Alors qu'il compose pour la fine fleur de la variété française, Georges Moustaki continue
d'essayer une carrière personnelle. Il le fait d'abord sous un nom d'emprunt, Eddie Salem, son
orchestre et ses chanteurs arabes, avec en 1960 un répertoire oriental-égyptien – puis grec
(Les enfants du Pirée) – et quelques rocks parodiques. En 1966, il part en Grèce pour la
première fois et y rencontre l'actrice et chanteuse Melina Mercouri, qui transformera par la
suite, en les chantant en grec, "Le Métèque" et "En Méditerranée", en hymnes de résistance
face à la dictature des colonels. Puis, il chante "La Pierre" du compositeur grec Manos
Hadjidakis, "L'homme au cœur blessé", "Nous sommes deux", sur des musiques de Mikis
Théodorakis. Toujours proche de l'Orient, il chante avec Areski "J'ai vu des rois serviles", joue
dans Mendiants et orgueilleux, film adapté du roman d'Albert Cossery, et ainsi de suite – en
1996, sur Tout reste à dire, c'est le flûtiste turc Kudsi Erguner qui répond présent pour un
poème chanté de Yunus Emre (XIIIe siècle).

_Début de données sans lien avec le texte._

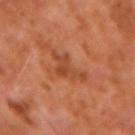Recorded during total-body skin imaging; not selected for excision or biopsy.
This is a cross-polarized tile.
A lesion tile, about 15 mm wide, cut from a 3D total-body photograph.
Measured at roughly 3.5 mm in maximum diameter.
The subject is a male approximately 60 years of age.
From the left forearm.
The total-body-photography lesion software estimated a classifier nevus-likeness of about 0/100 and a lesion-detection confidence of about 100/100.
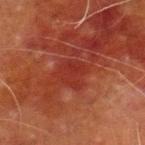workup — catalogued during a skin exam; not biopsied
imaging modality — total-body-photography crop, ~15 mm field of view
location — the left lower leg
automated lesion analysis — a lesion color around L≈29 a*≈30 b*≈28 in CIELAB and a lesion–skin lightness drop of about 5; a border-irregularity rating of about 3/10, a color-variation rating of about 2/10, and a peripheral color-asymmetry measure near 1; an automated nevus-likeness rating near 0 out of 100
subject — male, roughly 70 years of age
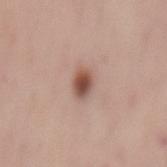The lesion was photographed on a routine skin check and not biopsied; there is no pathology result. A female patient, aged 63 to 67. About 3 mm across. Imaged with white-light lighting. Automated tile analysis of the lesion measured a border-irregularity rating of about 1.5/10 and internal color variation of about 5 on a 0–10 scale. The analysis additionally found a classifier nevus-likeness of about 100/100 and a lesion-detection confidence of about 100/100. The lesion is on the mid back. A region of skin cropped from a whole-body photographic capture, roughly 15 mm wide.
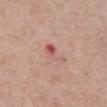| field | value |
|---|---|
| biopsy status | imaged on a skin check; not biopsied |
| illumination | white-light |
| patient | male, aged 73–77 |
| imaging modality | ~15 mm tile from a whole-body skin photo |
| anatomic site | the mid back |
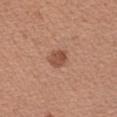Q: Is there a histopathology result?
A: total-body-photography surveillance lesion; no biopsy
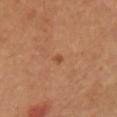Clinical impression: Recorded during total-body skin imaging; not selected for excision or biopsy. Clinical summary: A female subject aged 48 to 52. A 15 mm crop from a total-body photograph taken for skin-cancer surveillance. On the front of the torso.
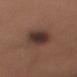Assessment: The lesion was photographed on a routine skin check and not biopsied; there is no pathology result. Clinical summary: Longest diameter approximately 4 mm. On the left upper arm. A close-up tile cropped from a whole-body skin photograph, about 15 mm across. The patient is a male aged around 60. The tile uses white-light illumination.
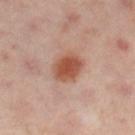notes: total-body-photography surveillance lesion; no biopsy
subject: female, in their 50s
anatomic site: the left lower leg
acquisition: total-body-photography crop, ~15 mm field of view
tile lighting: cross-polarized illumination
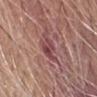Imaged during a routine full-body skin examination; the lesion was not biopsied and no histopathology is available.
A male subject, aged approximately 65.
Imaged with white-light lighting.
The recorded lesion diameter is about 3.5 mm.
On the right forearm.
This image is a 15 mm lesion crop taken from a total-body photograph.
Automated tile analysis of the lesion measured a lesion area of about 6 mm² and an outline eccentricity of about 0.75 (0 = round, 1 = elongated). It also reported an average lesion color of about L≈45 a*≈26 b*≈19 (CIELAB) and a normalized border contrast of about 7. And it measured border irregularity of about 4.5 on a 0–10 scale, internal color variation of about 4.5 on a 0–10 scale, and radial color variation of about 2. The analysis additionally found a lesion-detection confidence of about 95/100.
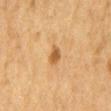workup: no biopsy performed (imaged during a skin exam) | size: ~3 mm (longest diameter) | automated lesion analysis: an area of roughly 3.5 mm² and an eccentricity of roughly 0.85; a mean CIELAB color near L≈50 a*≈19 b*≈38, about 10 CIELAB-L* units darker than the surrounding skin, and a normalized lesion–skin contrast near 8; a classifier nevus-likeness of about 75/100 and lesion-presence confidence of about 100/100 | site: the mid back | tile lighting: cross-polarized | patient: male, aged around 85 or older | image: total-body-photography crop, ~15 mm field of view.
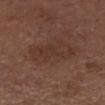Findings:
* patient: male, approximately 75 years of age
* image source: ~15 mm tile from a whole-body skin photo
* body site: the head or neck
* size: ≈6.5 mm
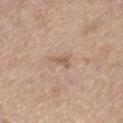follow-up: no biopsy performed (imaged during a skin exam)
subject: male, in their 70s
imaging modality: total-body-photography crop, ~15 mm field of view
lesion size: about 2.5 mm
location: the left thigh
automated lesion analysis: a shape eccentricity near 0.85 and a shape-asymmetry score of about 0.55 (0 = symmetric); a mean CIELAB color near L≈58 a*≈17 b*≈30, a lesion–skin lightness drop of about 8, and a normalized lesion–skin contrast near 6; an automated nevus-likeness rating near 0 out of 100 and a detector confidence of about 100 out of 100 that the crop contains a lesion
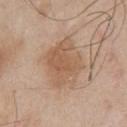This lesion was catalogued during total-body skin photography and was not selected for biopsy.
Captured under white-light illumination.
On the chest.
A male subject, in their mid- to late 60s.
Measured at roughly 5.5 mm in maximum diameter.
A roughly 15 mm field-of-view crop from a total-body skin photograph.
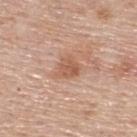Assessment: The lesion was photographed on a routine skin check and not biopsied; there is no pathology result. Image and clinical context: On the upper back. A lesion tile, about 15 mm wide, cut from a 3D total-body photograph. About 3 mm across. A female subject about 65 years old.
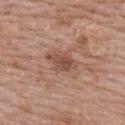The lesion was photographed on a routine skin check and not biopsied; there is no pathology result.
A female subject aged around 50.
On the upper back.
A close-up tile cropped from a whole-body skin photograph, about 15 mm across.
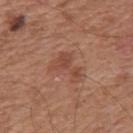Recorded during total-body skin imaging; not selected for excision or biopsy.
The lesion is located on the mid back.
A lesion tile, about 15 mm wide, cut from a 3D total-body photograph.
The subject is a male aged around 65.
About 4 mm across.
Captured under white-light illumination.
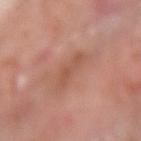Q: Is there a histopathology result?
A: no biopsy performed (imaged during a skin exam)
Q: What kind of image is this?
A: total-body-photography crop, ~15 mm field of view
Q: What is the anatomic site?
A: the right forearm
Q: Patient demographics?
A: male, about 75 years old
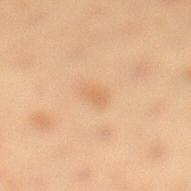Assessment:
Imaged during a routine full-body skin examination; the lesion was not biopsied and no histopathology is available.
Clinical summary:
Longest diameter approximately 2.5 mm. On the left lower leg. This image is a 15 mm lesion crop taken from a total-body photograph. The subject is a female aged approximately 40.
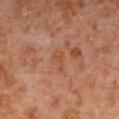notes = no biopsy performed (imaged during a skin exam)
automated lesion analysis = a lesion area of about 3 mm²; internal color variation of about 1 on a 0–10 scale; a lesion-detection confidence of about 100/100
location = the left lower leg
lesion diameter = about 2.5 mm
image source = 15 mm crop, total-body photography
lighting = cross-polarized
patient = male, in their 30s
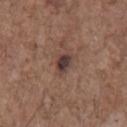The lesion was photographed on a routine skin check and not biopsied; there is no pathology result. The subject is a male aged 68 to 72. Automated tile analysis of the lesion measured an area of roughly 5 mm² and an eccentricity of roughly 0.7. And it measured a normalized border contrast of about 10. It also reported a border-irregularity rating of about 2.5/10 and radial color variation of about 1.5. It also reported a classifier nevus-likeness of about 25/100 and a detector confidence of about 100 out of 100 that the crop contains a lesion. Imaged with white-light lighting. The lesion is located on the chest. A roughly 15 mm field-of-view crop from a total-body skin photograph.

Il se produit enfin en vedette, à Bobino à Paris en janvier 1970. Il est chaleureux, liant. Il chante
des anciennes chansons, jamais enregistrées, comme "Donne du rhum à ton homme". Les
chansons de l'album qui paraît début 1978 jalonnent une année de déplacements (San
Francisco, New York, Mexico, Tokyo, Québec, Eilat, Paris). "Vieux sage" dans "Si je pouvais
t'aider", il retrouve sa fraîcheur dans une "Elle est elle" quasi juvénile (avec la voix de sa fille
Pia Moustaki, née en 1956 – en 1988, naîtra son fils, Laurent. "Solitaire, sans état d'âme et
sans souffrance / Ma voile est gonflée de mystère / Ma cale est remplie d'innocence." Un
inlassable de la chanson.
En 2003, Moustaki publie "Moustaki", qui comporte la première chanson qu'il a composée,
"Gardez vos rêves" et, pour la première fois, son propre enregistrement de Milord, composée
jadis pour Edith Piaf. Jean-Claude Vannier donne à l'album un ton contemporain. Le dernier
album de Moustaki faisait le point sur cette question française. Pour Solitaire, Moustaki fait
main basse sur toute la jeune génération. Vincent Delerm, Cali pour des duos, Vincent Segall
pour les arrangements. Dédié à Henri Salvador, l'album rend hommage à l'âge d'or la chanson
française, et à l'amour. Il y reprend ses chansons "gold" : "Sans la nommer", "La liberté et la
fleur au fusil", "Ma solitude", "Donne du rhum à ton homme". En 2005, avec Vagabond, il
revient sur son amour pour la bossa-nova, en 2008, il intitule un disque de duos Solitaire… Le
paradoxe Moustaki.
Moustaki avait chanté partout dans le monde. De Rio à l'Olympia, de Bobino au Japon, du
Québec à l'Algérie, l'homme en blanc et à la voix suggestive, avait rassemblé. Fidèlement, car
les fidélités se créent dès l'enfance. Et quelle leçon en tirer ? Réponse de l'enfant d'Alexandrie
: "Je déclare l'état de bonheur permanent / Et le droit à chacun à tous les privilèges. Je dis que
la souffrance est chose sacrilège / Quand il y a pour tous des roses et du pain blanc."